With this they contrast theories which they classify as “foundational” or “methodological”; “the former tackle the basic assumptions of critical practice, … while the latter provide new things to do with texts rather than new reasons to do them.” They then describe the various types of theory--structuralism, narratology, “intertextuality” (Julia Kristeva, we learn, is the inventor of this unpleasing and unnecessary bit of jargon), poststructuralism, deconstruction, and postmodernism. “In a sense,” they remark, “there is no further step beyond post-modernism for criticism to take.” Just so; it has been said that “the modernist says that we can never get it right, but must go on trying, but the post-modernist just gives up.”

There is nothing new about postmodernism, which closely resembles the extreme skepticism, then called Pyrrhonism after the founder of the ancient school of Skeptics, which was in vogue for the half-century between the publication of Bayle’s Dictionnaire historique et critique in 1695–7 and that of Montesquieu’s De l’Esprit des lois in 1748; Samuel Johnson and, at one stage, Voltaire both upheld it.
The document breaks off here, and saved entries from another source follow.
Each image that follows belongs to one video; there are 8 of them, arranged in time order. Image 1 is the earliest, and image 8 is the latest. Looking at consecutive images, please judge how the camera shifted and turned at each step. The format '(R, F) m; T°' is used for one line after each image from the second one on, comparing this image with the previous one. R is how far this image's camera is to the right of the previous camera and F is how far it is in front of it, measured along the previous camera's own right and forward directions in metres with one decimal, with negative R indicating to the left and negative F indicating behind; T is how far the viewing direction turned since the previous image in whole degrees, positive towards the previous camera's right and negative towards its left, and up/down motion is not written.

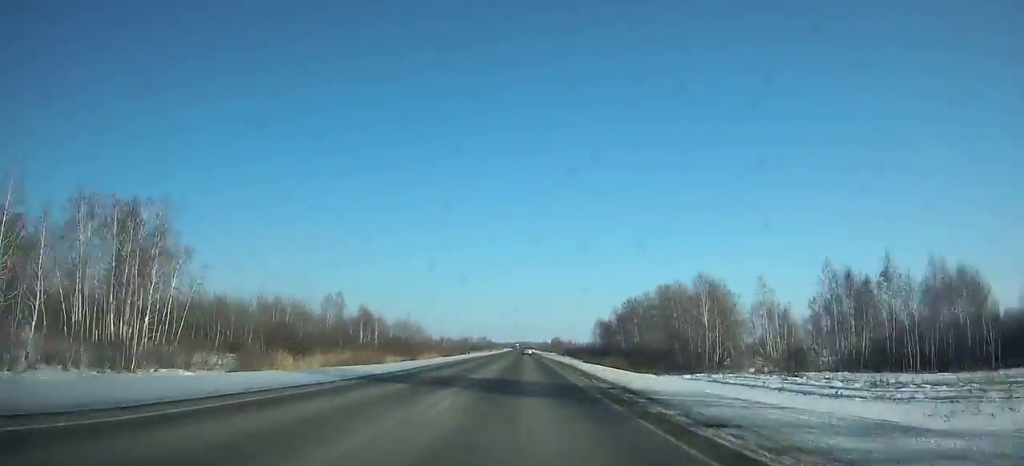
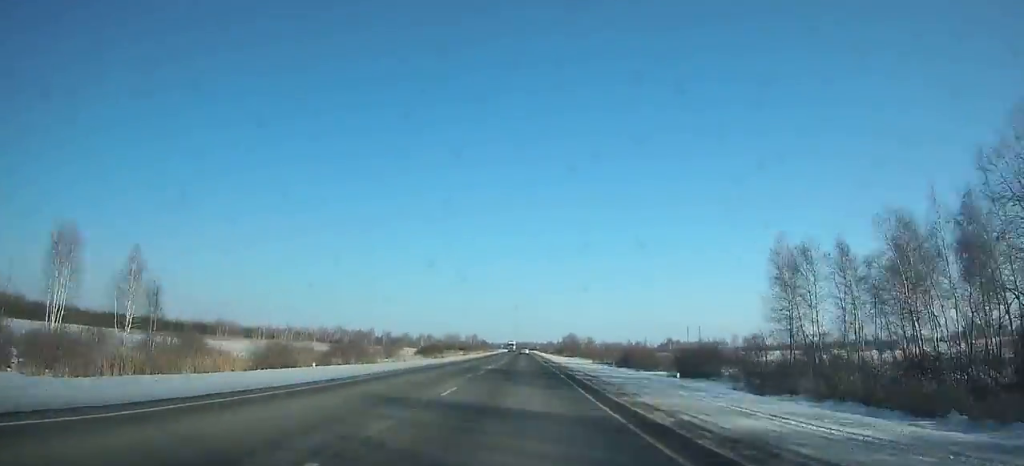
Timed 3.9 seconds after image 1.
(+0.4, +125.8) m; 0°
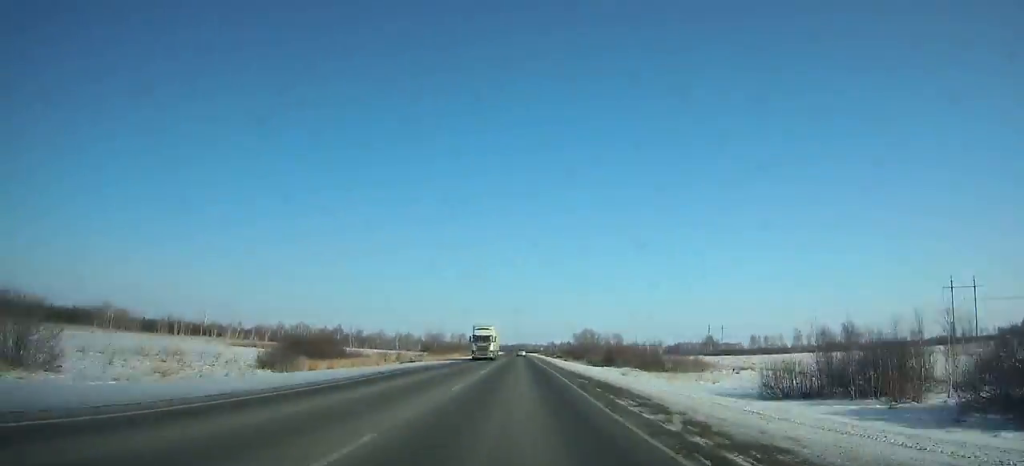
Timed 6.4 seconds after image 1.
(-0.3, +79.4) m; 0°
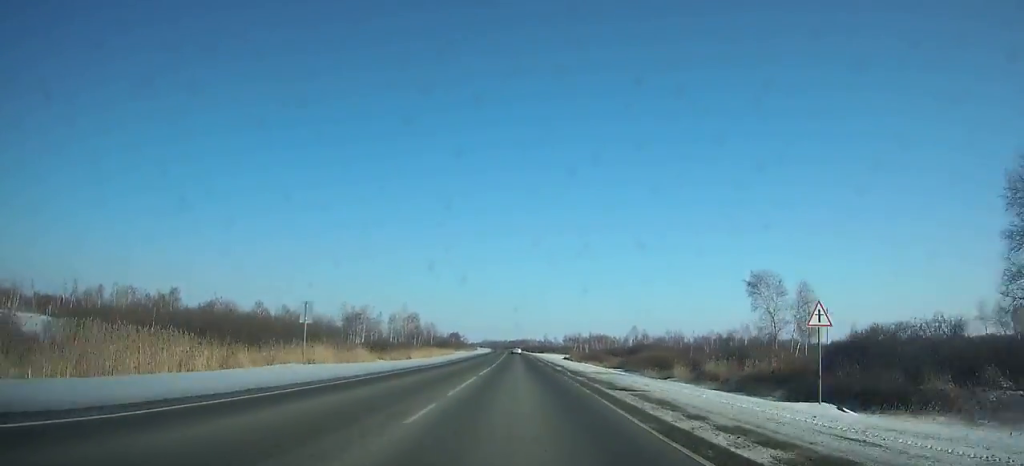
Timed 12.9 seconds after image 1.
(0.0, +196.1) m; 0°
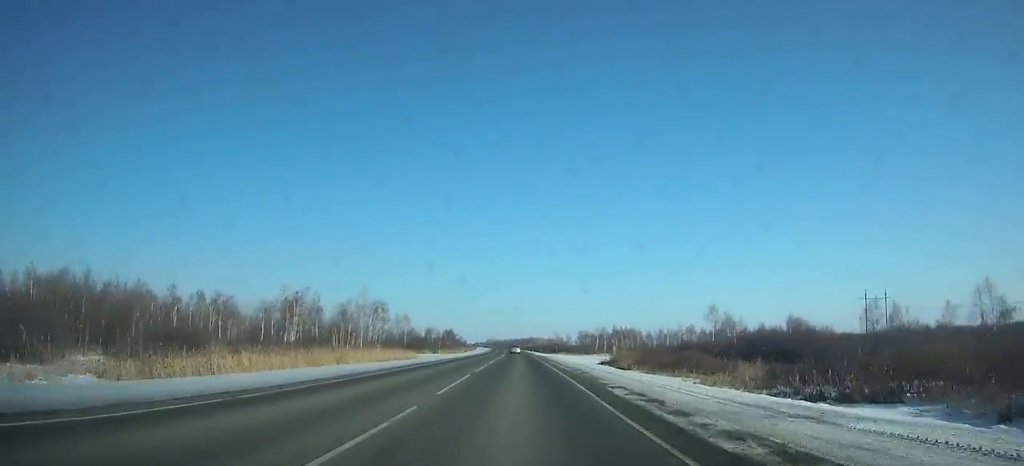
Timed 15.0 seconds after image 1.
(-0.2, +59.5) m; 0°
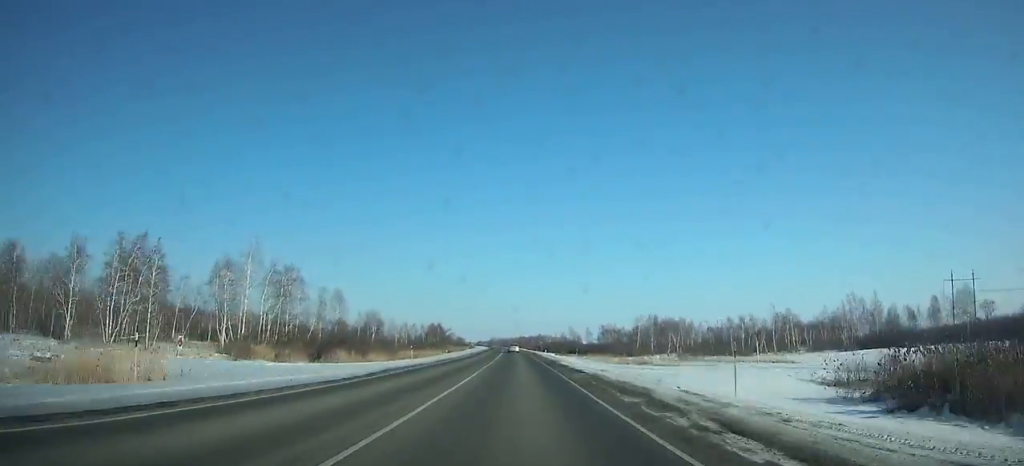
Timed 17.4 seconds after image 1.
(-0.4, +65.7) m; -1°
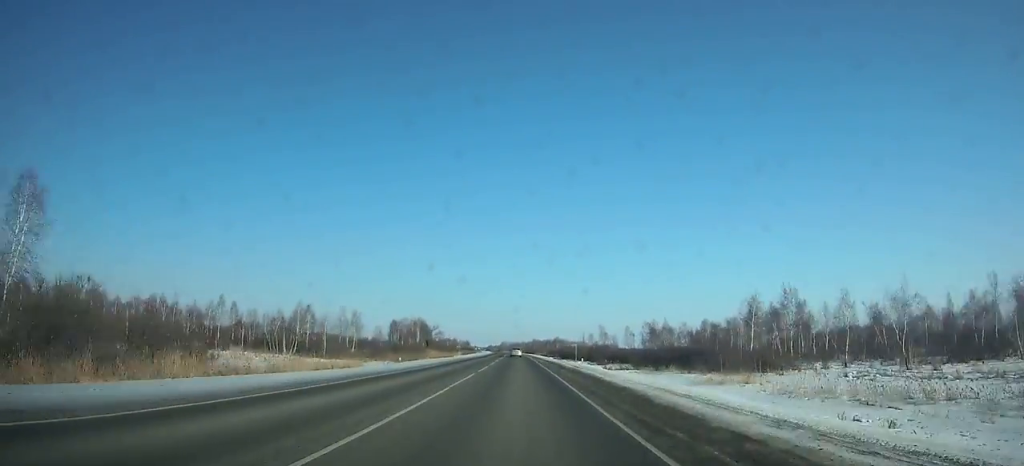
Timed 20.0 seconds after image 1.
(-0.6, +69.0) m; -1°
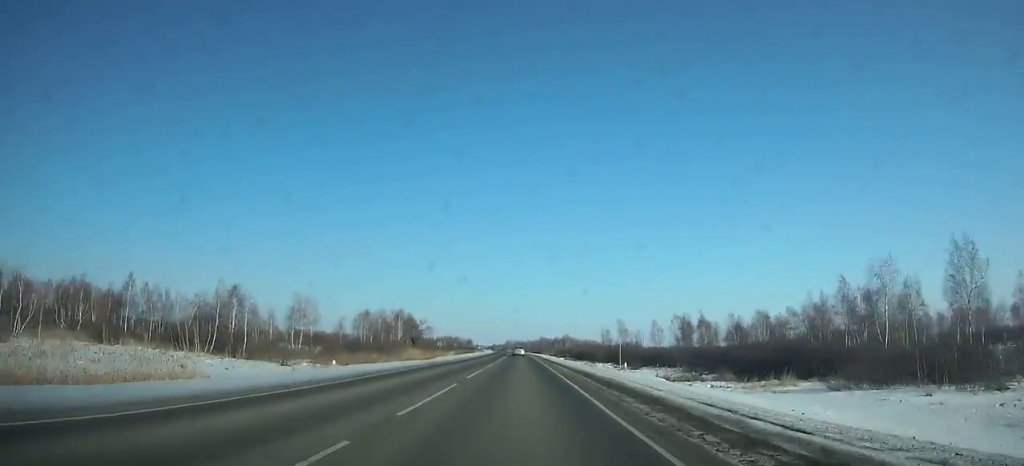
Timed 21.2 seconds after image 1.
(-0.1, +31.3) m; 0°

Some people have accepted postmodernism on the ground that it leaves everyone free to write his own history; they should remember that then there is no reason why that history should be believed. The obvious objection to such a notion of personal narrative was briefly expressed by a speaker at a recent conference at the New York Academy of Sciences, who said, “Either Grant surrendered to Lee or Lee surrendered to Grant.” (For the proceedings of that conference, see The Flight from Science and Reason, edited by Paul R. Gross, Norman Levitt, and Martin W. Lewis [1996].)

The Fowlers go on to offer brief remarks about Marxism (leading up to Foucault, New Historicism, and Bakhtin), the use of psychoanalysis (from Freud to Lacan), and finally feminism. All these things they describe with a clarity notably absent from the writings of most proponents of such theories, so that the Fowlers’ article can save unbelievers from a large amount of trouble; for those to whom they have shown the way into the minefield, they have made it easier than most believers do to find the way out. Despite the Fowlers’ faith in modernity, they have also contributed to the book a good article on Lucretius and an article on Virgil that is respectable, though not as good as that of S. E. Hinds on Ovid.